Source data:

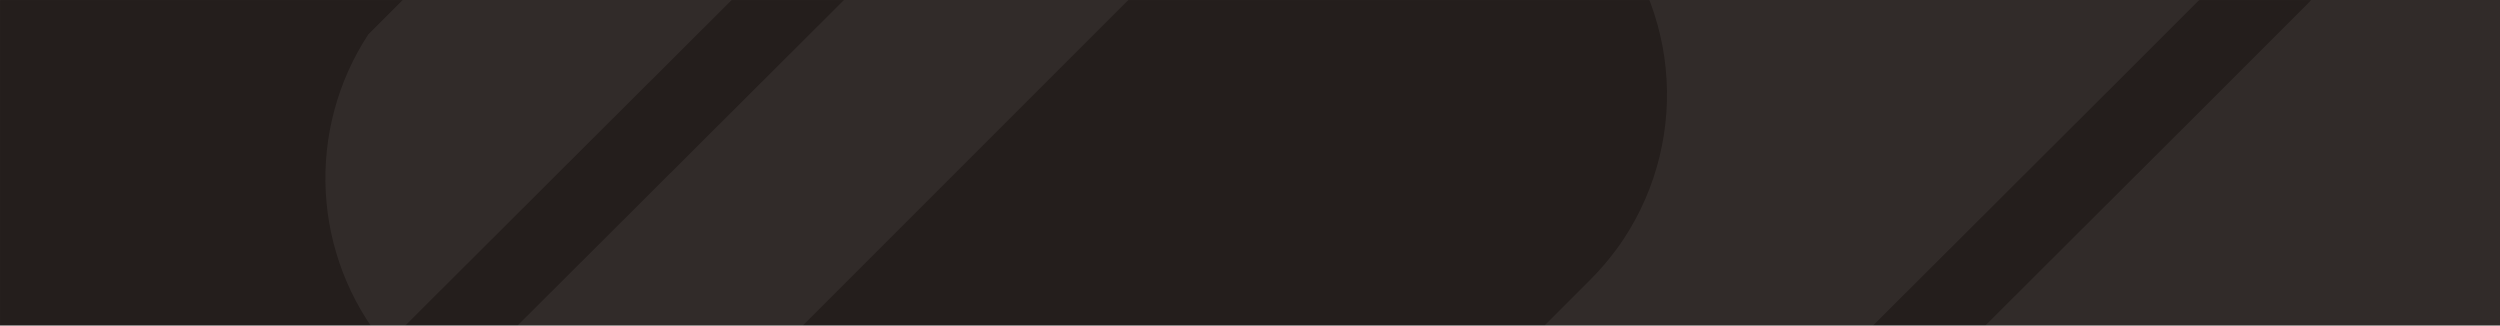 <svg width="1920" height="250" viewBox="0 0 1920 250" fill="none" xmlns="http://www.w3.org/2000/svg">
<mask id="mask0_2069_274" style="mask-type:alpha" maskUnits="userSpaceOnUse" x="0" y="0" width="1920" height="250">
<path d="M0 0H1920V250H0V0Z" fill="#0E0704"/>
</mask>
<g mask="url(#mask0_2069_274)">
<g opacity="0.35">
<path d="M1948.05 531.93C1948.06 538.529 1947.76 545.112 1947.12 551.68C1946.49 558.247 1945.54 564.768 1944.26 571.242C1942.98 577.716 1941.39 584.112 1939.47 590.424C1937.56 596.742 1935.34 602.95 1932.82 609.044C1930.3 615.143 1927.48 621.096 1924.36 626.914C1921.25 632.732 1917.86 638.383 1914.18 643.862C1910.51 649.346 1906.58 654.633 1902.38 659.726C1898.19 664.815 1893.75 669.69 1889.07 674.341L1739.42 823.982L1732.32 831.081H0V-260.357L423.651 -684.055C425.833 -686.232 428.057 -688.362 430.339 -690.435C432.615 -692.513 434.938 -694.534 437.307 -696.503C439.677 -698.471 442.089 -700.383 444.547 -702.242C447.005 -704.102 449.5 -705.899 452.042 -707.643C454.583 -709.388 457.161 -711.07 459.776 -712.695C462.396 -714.32 465.047 -715.888 467.74 -717.388C470.427 -718.893 473.151 -720.336 475.901 -721.711C478.656 -723.091 481.443 -724.404 484.26 -725.654C487.073 -726.904 489.917 -728.091 492.786 -729.211C495.656 -730.331 498.552 -731.383 501.469 -732.372C504.385 -733.362 507.328 -734.279 510.286 -735.133C513.25 -735.987 516.224 -736.768 519.224 -737.487C522.219 -738.201 525.229 -738.846 528.255 -739.425C531.281 -740.003 534.318 -740.513 537.37 -740.951C540.417 -741.388 543.474 -741.758 546.542 -742.055C549.609 -742.352 552.682 -742.581 555.755 -742.737C558.833 -742.893 561.911 -742.982 564.995 -742.997C568.073 -743.013 571.151 -742.956 574.229 -742.831C577.307 -742.706 580.385 -742.513 583.453 -742.242C586.521 -741.977 589.583 -741.643 592.635 -741.232C595.688 -740.826 598.734 -740.352 601.766 -739.805C604.797 -739.258 607.812 -738.643 610.818 -737.956C613.823 -737.274 616.807 -736.518 619.776 -735.695C622.745 -734.872 625.693 -733.987 628.62 -733.029C631.552 -732.07 634.453 -731.044 637.339 -729.956C640.219 -728.867 643.073 -727.711 645.901 -726.487C648.729 -725.268 651.526 -723.982 654.297 -722.628C657.068 -721.279 659.802 -719.867 662.505 -718.393C665.214 -716.914 667.88 -715.378 670.516 -713.784C673.146 -712.185 675.745 -710.524 678.302 -708.81C680.859 -707.091 683.375 -705.315 685.854 -703.482C688.328 -701.654 690.76 -699.763 693.151 -697.82C695.542 -695.872 697.885 -693.878 700.182 -691.826C702.479 -689.774 704.729 -687.669 706.932 -685.513C709.135 -683.362 711.286 -681.154 713.385 -678.904C715.484 -676.649 717.531 -674.346 719.526 -672.003C721.521 -669.654 723.464 -667.263 725.349 -664.826C727.234 -662.388 729.062 -659.909 730.833 -657.388C732.604 -654.867 734.318 -652.31 735.969 -649.711C737.625 -647.112 739.219 -644.477 740.75 -641.8C742.286 -639.128 743.755 -636.425 745.161 -633.685C746.573 -630.945 747.917 -628.175 749.198 -625.372C750.479 -622.57 751.698 -619.742 752.849 -616.883C754 -614.029 755.089 -611.143 756.109 -608.237C757.125 -605.331 758.078 -602.404 758.964 -599.451C759.849 -596.503 760.667 -593.529 761.417 -590.544C762.167 -587.555 762.844 -584.55 763.458 -581.529C764.068 -578.513 764.609 -575.482 765.083 -572.435C765.552 -569.393 765.953 -566.336 766.286 -563.274C766.62 -560.211 766.88 -557.143 767.073 -554.07C767.266 -550.992 767.385 -547.914 767.432 -544.836C767.484 -541.758 767.464 -538.675 767.37 -535.596C767.281 -532.518 767.12 -529.44 766.885 -526.372C766.656 -523.3 766.349 -520.232 765.979 -517.175C765.604 -514.117 765.161 -511.07 764.651 -508.029C764.135 -504.992 763.552 -501.971 762.901 -498.956C762.25 -495.945 761.531 -492.951 760.74 -489.977C759.953 -486.997 759.094 -484.039 758.172 -481.102C757.245 -478.159 756.255 -475.247 755.193 -472.352C754.135 -469.461 753.01 -466.591 751.823 -463.753C750.63 -460.909 749.375 -458.096 748.057 -455.31C746.74 -452.529 745.354 -449.779 743.911 -447.055C742.464 -444.336 740.958 -441.648 739.391 -438.997C737.823 -436.346 736.193 -433.732 734.505 -431.154C732.302 -427.768 729.964 -424.461 727.495 -421.237C721.672 -413.471 715.328 -406.159 708.464 -399.3L532.578 -223.31L523.927 -214.664L282.828 26.44C279.922 30.878 277.193 35.424 274.646 40.081C272.094 44.737 269.734 49.487 267.562 54.325C265.391 59.169 263.411 64.091 261.625 69.086C259.844 74.086 258.26 79.148 256.875 84.273C255.49 89.393 254.307 94.565 253.333 99.779C252.354 104.997 251.589 110.247 251.026 115.523C250.464 120.799 250.109 126.091 249.969 131.398C249.823 136.7 249.891 142.003 250.161 147.305C250.438 152.607 250.922 157.888 251.615 163.148C252.307 168.409 253.203 173.638 254.307 178.825C255.411 184.018 256.724 189.159 258.234 194.247C259.745 199.331 261.453 204.352 263.359 209.305C265.266 214.258 267.365 219.128 269.656 223.914C271.948 228.7 274.427 233.393 277.089 237.982C279.75 242.575 282.589 247.055 285.609 251.419C288.625 255.789 291.807 260.029 295.156 264.143L296.052 265.247C300.068 270.117 304.344 274.815 308.875 279.341C317.104 287.575 325.969 295.049 335.479 301.763C337.458 303.164 339.479 304.529 341.505 305.862C345.547 308.482 349.672 310.95 353.891 313.273C358.109 315.596 362.401 317.763 366.776 319.779C371.146 321.794 375.589 323.648 380.094 325.346C384.599 327.044 389.156 328.581 393.771 329.95C398.385 331.32 403.047 332.529 407.745 333.565C412.448 334.602 417.182 335.471 421.943 336.169C426.708 336.872 431.49 337.398 436.292 337.758C441.094 338.112 445.901 338.299 450.714 338.31C455.531 338.325 460.339 338.169 465.141 337.836C469.943 337.508 474.729 337.003 479.495 336.331C484.266 335.659 489 334.815 493.708 333.805C498.417 332.789 503.078 331.612 507.703 330.268C512.323 328.919 516.891 327.414 521.406 325.737C525.922 324.065 530.37 322.237 534.755 320.242C539.141 318.253 543.443 316.107 547.677 313.81C551.906 311.513 556.047 309.065 560.104 306.466L809.292 57.279L936.443 -69.867C939.422 -72.852 942.49 -75.737 945.641 -78.529C950.469 -82.8 955.469 -86.815 960.641 -90.576C963.703 -92.779 966.844 -94.982 970.016 -96.997C972.422 -98.539 974.854 -100.029 977.323 -101.466C979.786 -102.904 982.286 -104.289 984.812 -105.622C987.339 -106.951 989.891 -108.227 992.469 -109.451C995.047 -110.675 997.656 -111.841 1000.28 -112.956C1002.91 -114.065 1005.57 -115.122 1008.24 -116.122C1010.92 -117.122 1013.61 -118.06 1016.32 -118.945C1019.04 -119.831 1021.77 -120.659 1024.52 -121.425C1027.27 -122.195 1030.04 -122.904 1032.81 -123.555C1035.59 -124.206 1038.39 -124.8 1041.19 -125.331C1043.99 -125.862 1046.81 -126.336 1049.64 -126.747C1052.46 -127.164 1055.3 -127.513 1058.14 -127.81C1060.97 -128.102 1063.82 -128.331 1066.67 -128.503C1069.52 -128.675 1072.37 -128.784 1075.23 -128.836C1078.08 -128.883 1080.94 -128.872 1083.79 -128.805C1086.65 -128.732 1089.49 -128.602 1092.34 -128.409C1095.19 -128.216 1098.04 -127.961 1100.88 -127.648C1103.71 -127.336 1106.54 -126.961 1109.36 -126.529C1112.19 -126.096 1114.99 -125.602 1117.8 -125.05C1120.6 -124.497 1123.39 -123.883 1126.16 -123.211C1128.94 -122.539 1131.7 -121.81 1134.44 -121.023C1137.18 -120.232 1139.91 -119.383 1142.62 -118.482C1145.33 -117.576 1148.02 -116.612 1150.68 -115.596C1153.35 -114.576 1155.99 -113.497 1158.61 -112.367C1161.23 -111.237 1163.83 -110.05 1166.4 -108.81C1168.97 -107.565 1171.52 -106.268 1174.03 -104.919C1176.55 -103.57 1179.03 -102.169 1181.49 -100.711C1183.95 -99.258 1186.37 -97.747 1188.76 -96.19C1191.16 -94.633 1193.51 -93.023 1195.84 -91.362C1198.16 -89.706 1200.45 -87.997 1202.7 -86.242C1204.95 -84.487 1207.16 -82.685 1209.34 -80.831C1211.51 -78.982 1213.65 -77.086 1215.74 -75.143C1217.83 -73.206 1219.89 -71.221 1221.9 -69.19C1223.9 -67.164 1225.87 -65.091 1227.79 -62.982C1229.71 -60.872 1231.59 -58.716 1233.42 -56.529C1235.25 -54.336 1237.03 -52.107 1238.77 -49.841C1240.5 -47.57 1242.19 -45.268 1243.82 -42.93C1245.46 -40.591 1247.05 -38.216 1248.58 -35.81C1250.12 -33.404 1251.6 -30.966 1253.04 -28.497C1254.47 -26.029 1255.85 -23.529 1257.18 -21.003C1258.51 -18.471 1259.78 -15.919 1260.99 -13.336C1262.21 -10.753 1263.38 -8.149 1264.48 -5.513C1265.59 -2.883 1266.64 -0.227 1267.64 2.445C1268.63 5.122 1269.57 7.82 1270.45 10.539C1271.33 13.253 1272.15 15.987 1272.91 18.737C1273.68 21.487 1274.38 24.253 1275.03 27.034C1275.67 29.815 1276.26 32.612 1276.79 35.414C1277.31 38.221 1277.78 41.039 1278.19 43.862C1278.59 46.69 1278.94 49.523 1279.23 52.362C1279.52 55.206 1279.74 58.049 1279.91 60.898C1280.07 63.753 1280.18 66.602 1280.22 69.456C1280.27 72.315 1280.26 75.169 1280.18 78.023C1280.1 80.878 1279.96 83.727 1279.77 86.575C1279.57 89.424 1279.31 92.268 1278.99 95.102C1278.67 97.94 1278.3 100.768 1277.85 103.591C1277.42 106.414 1276.92 109.221 1276.36 112.023C1275.8 114.82 1275.18 117.607 1274.51 120.383C1273.83 123.159 1273.09 125.914 1272.3 128.659C1271.51 131.398 1270.66 134.122 1269.74 136.831C1268.83 139.539 1267.87 142.221 1266.84 144.888C1265.82 147.555 1264.74 150.195 1263.6 152.815C1262.47 155.435 1261.28 158.029 1260.03 160.596C1258.78 163.164 1257.48 165.706 1256.12 168.216C1254.77 170.732 1253.36 173.216 1251.91 175.669C1250.44 178.122 1248.93 180.544 1247.37 182.935C1245.17 186.305 1242.84 189.612 1240.39 192.852C1234.54 200.654 1228.17 207.997 1221.28 214.888L1131.33 304.836L1110.88 325.299L1102.27 333.919C1099.45 338.227 1096.8 342.638 1094.32 347.148C1091.84 351.659 1089.54 356.258 1087.41 360.945C1085.29 365.633 1083.34 370.398 1081.58 375.232C1079.82 380.07 1078.24 384.966 1076.85 389.924C1075.46 394.883 1074.27 399.883 1073.27 404.935C1072.26 409.982 1071.45 415.06 1070.83 420.174C1070.22 425.284 1069.8 430.414 1069.58 435.555C1069.35 440.695 1069.33 445.841 1069.5 450.987C1069.67 456.133 1070.04 461.263 1070.6 466.378C1071.17 471.497 1071.93 476.586 1072.88 481.643C1073.83 486.7 1074.98 491.716 1076.32 496.69C1077.66 501.659 1079.18 506.57 1080.9 511.424C1082.61 516.279 1084.51 521.06 1086.59 525.768C1088.67 530.477 1090.93 535.102 1093.36 539.638C1095.8 544.174 1098.4 548.607 1101.17 552.945C1103.95 557.284 1106.89 561.508 1109.98 565.617C1111.71 567.898 1113.48 570.148 1115.33 572.362C1119.43 577.325 1123.78 582.102 1128.4 586.685C1134.82 593.107 1141.64 599.075 1148.86 604.591C1152.71 607.529 1156.66 610.325 1160.7 612.977C1164.77 615.622 1168.92 618.117 1173.16 620.466C1177.4 622.81 1181.72 625.002 1186.12 627.039C1190.52 629.07 1194.99 630.945 1199.52 632.659C1204.06 634.372 1208.65 635.919 1213.29 637.299C1217.94 638.68 1222.63 639.893 1227.36 640.94C1232.1 641.982 1236.86 642.857 1241.66 643.555C1246.46 644.258 1251.27 644.784 1256.1 645.133C1260.94 645.487 1265.78 645.669 1270.63 645.669C1275.47 645.674 1280.32 645.508 1285.15 645.164C1289.99 644.815 1294.8 644.299 1299.6 643.607C1304.4 642.914 1309.17 642.049 1313.9 641.018C1318.64 639.982 1323.33 638.779 1327.98 637.404C1332.62 636.029 1337.22 634.492 1341.76 632.784C1346.3 631.081 1350.77 629.216 1355.17 627.19C1359.57 625.164 1363.9 622.982 1368.15 620.643C1372.39 618.305 1376.55 615.815 1380.61 613.174L1604.3 389.487C1606.08 387.7 1607.9 385.961 1609.73 384.253C1615.28 379.096 1621.09 374.263 1627.18 369.763C1630.36 367.398 1633.61 365.138 1636.92 362.987C1640.7 360.529 1644.56 358.206 1648.49 356.008C1652.43 353.815 1656.43 351.753 1660.5 349.825C1664.58 347.898 1668.71 346.107 1672.9 344.456C1677.09 342.805 1681.34 341.299 1685.64 339.935C1689.93 338.57 1694.27 337.352 1698.64 336.273C1703.02 335.2 1707.43 334.273 1711.86 333.497C1716.3 332.716 1720.76 332.091 1725.24 331.612C1729.72 331.133 1734.21 330.799 1738.72 330.622C1743.22 330.445 1747.72 330.419 1752.23 330.544C1756.73 330.669 1761.23 330.945 1765.72 331.372C1770.2 331.799 1774.67 332.372 1779.11 333.102C1783.56 333.825 1787.98 334.7 1792.37 335.721C1796.76 336.747 1801.11 337.914 1805.42 339.232C1809.73 340.544 1813.99 342.003 1818.2 343.602C1822.42 345.2 1826.57 346.945 1830.67 348.82C1834.76 350.7 1838.79 352.716 1842.75 354.867C1846.71 357.018 1850.59 359.294 1854.41 361.706C1858.21 364.117 1861.93 366.654 1865.57 369.315C1869.21 371.971 1872.75 374.753 1876.2 377.648C1879.66 380.549 1883.01 383.56 1886.26 386.68C1889.5 389.805 1892.64 393.034 1895.67 396.367C1898.71 399.7 1901.62 403.133 1904.43 406.664C1907.23 410.19 1909.91 413.81 1912.46 417.518C1915.03 421.232 1917.46 425.018 1919.76 428.893C1922.07 432.768 1924.24 436.711 1926.28 440.732C1928.32 444.747 1930.22 448.831 1931.98 452.977C1933.75 457.122 1935.38 461.325 1936.86 465.581C1938.34 469.836 1939.68 474.133 1940.88 478.477C1942.07 482.825 1943.12 487.206 1944.02 491.617C1944.92 496.034 1945.68 500.477 1946.28 504.94C1946.88 509.409 1947.33 513.888 1947.64 518.383C1947.94 522.883 1948.09 527.383 1948.09 531.888L1948.05 531.93Z" fill="black"/>
<path d="M1773.31 1.799L1675.45 99.659L1160.66 613.023L941.982 831.081H855.867L1115.28 572.352L1636.88 52.112L1730.25 -41.253C1730.96 -41.961 1731.69 -42.633 1732.46 -43.268C1733.23 -43.898 1734.03 -44.497 1734.86 -45.05C1735.69 -45.607 1736.54 -46.122 1737.42 -46.596C1738.3 -47.065 1739.21 -47.492 1740.13 -47.878C1741.05 -48.258 1741.99 -48.596 1742.94 -48.888C1743.9 -49.18 1744.86 -49.425 1745.84 -49.617C1746.82 -49.815 1747.8 -49.961 1748.8 -50.06C1749.79 -50.159 1750.79 -50.211 1751.79 -50.211C1752.78 -50.211 1753.78 -50.164 1754.77 -50.07C1755.77 -49.971 1756.76 -49.825 1757.74 -49.633C1758.72 -49.44 1759.68 -49.195 1760.64 -48.909C1761.59 -48.617 1762.53 -48.284 1763.46 -47.898C1764.38 -47.518 1765.28 -47.091 1766.16 -46.622C1767.04 -46.154 1767.89 -45.643 1768.73 -45.086C1769.55 -44.534 1770.36 -43.94 1771.13 -43.305C1771.9 -42.675 1772.64 -42.003 1773.35 -41.294C1774.05 -40.591 1774.72 -39.852 1775.35 -39.081C1775.99 -38.31 1776.58 -37.508 1777.14 -36.68C1777.69 -35.846 1778.2 -34.992 1778.67 -34.112C1779.14 -33.232 1779.57 -32.331 1779.95 -31.409C1780.33 -30.487 1780.67 -29.544 1780.96 -28.591C1781.25 -27.633 1781.49 -26.669 1781.68 -25.69C1781.88 -24.711 1782.02 -23.721 1782.12 -22.732C1782.22 -21.737 1782.27 -20.742 1782.26 -19.742C1782.26 -18.742 1782.22 -17.747 1782.12 -16.753C1782.02 -15.763 1781.87 -14.773 1781.67 -13.794C1781.48 -12.815 1781.24 -11.852 1780.95 -10.893C1780.65 -9.94 1780.32 -9.003 1779.93 -8.081C1779.55 -7.159 1779.12 -6.258 1778.65 -5.378C1778.18 -4.497 1777.66 -3.643 1777.11 -2.815C1776.55 -1.987 1775.96 -1.185 1775.33 -0.414C1774.69 0.357 1774.02 1.096 1773.31 1.799Z" fill="black"/>
<path d="M861.807 -213.284L763.948 -115.466L341.505 305.794L0 646.398V560.503L296.052 265.19L725.38 -163.003L818.724 -256.336C819.427 -257.044 820.167 -257.711 820.938 -258.346C821.708 -258.982 822.505 -259.576 823.333 -260.128C824.167 -260.685 825.021 -261.195 825.901 -261.669C826.776 -262.138 827.677 -262.565 828.599 -262.945C829.521 -263.331 830.458 -263.664 831.411 -263.956C832.37 -264.247 833.333 -264.492 834.312 -264.685C835.292 -264.878 836.276 -265.029 837.271 -265.128C838.26 -265.221 839.255 -265.273 840.255 -265.273C841.255 -265.273 842.25 -265.227 843.24 -265.128C844.234 -265.029 845.219 -264.883 846.198 -264.69C847.177 -264.497 848.146 -264.258 849.099 -263.966C850.052 -263.674 850.99 -263.341 851.911 -262.961C852.833 -262.581 853.734 -262.154 854.615 -261.685C855.495 -261.211 856.349 -260.701 857.182 -260.148C858.01 -259.591 858.812 -258.997 859.583 -258.367C860.354 -257.732 861.094 -257.065 861.797 -256.357C862.5 -255.654 863.172 -254.914 863.802 -254.143C864.438 -253.372 865.031 -252.57 865.583 -251.742C866.141 -250.914 866.651 -250.06 867.12 -249.18C867.594 -248.299 868.021 -247.398 868.401 -246.477C868.781 -245.555 869.12 -244.617 869.406 -243.664C869.698 -242.706 869.938 -241.742 870.135 -240.763C870.328 -239.784 870.474 -238.799 870.573 -237.805C870.667 -236.81 870.719 -235.815 870.719 -234.82C870.719 -233.82 870.667 -232.826 870.568 -231.836C870.474 -230.841 870.323 -229.857 870.13 -228.878C869.938 -227.898 869.693 -226.93 869.401 -225.977C869.115 -225.023 868.776 -224.086 868.396 -223.164C868.01 -222.242 867.583 -221.341 867.115 -220.461C866.646 -219.581 866.13 -218.727 865.578 -217.898C865.021 -217.07 864.427 -216.268 863.797 -215.497C863.161 -214.727 862.49 -213.987 861.786 -213.284H861.807Z" fill="black"/>
</g>
</g>
<rect opacity="0.85" width="1920" height="250" fill="#0E0704"/>
</svg>

PROBLEM STATEMENT: Identify each line in the records above that contains the word "mask", and copy it out in full.

EXPECTED ANSWER:
<mask id="mask0_2069_274" style="mask-type:alpha" maskUnits="userSpaceOnUse" x="0" y="0" width="1920" height="250">
</mask>
<g mask="url(#mask0_2069_274)">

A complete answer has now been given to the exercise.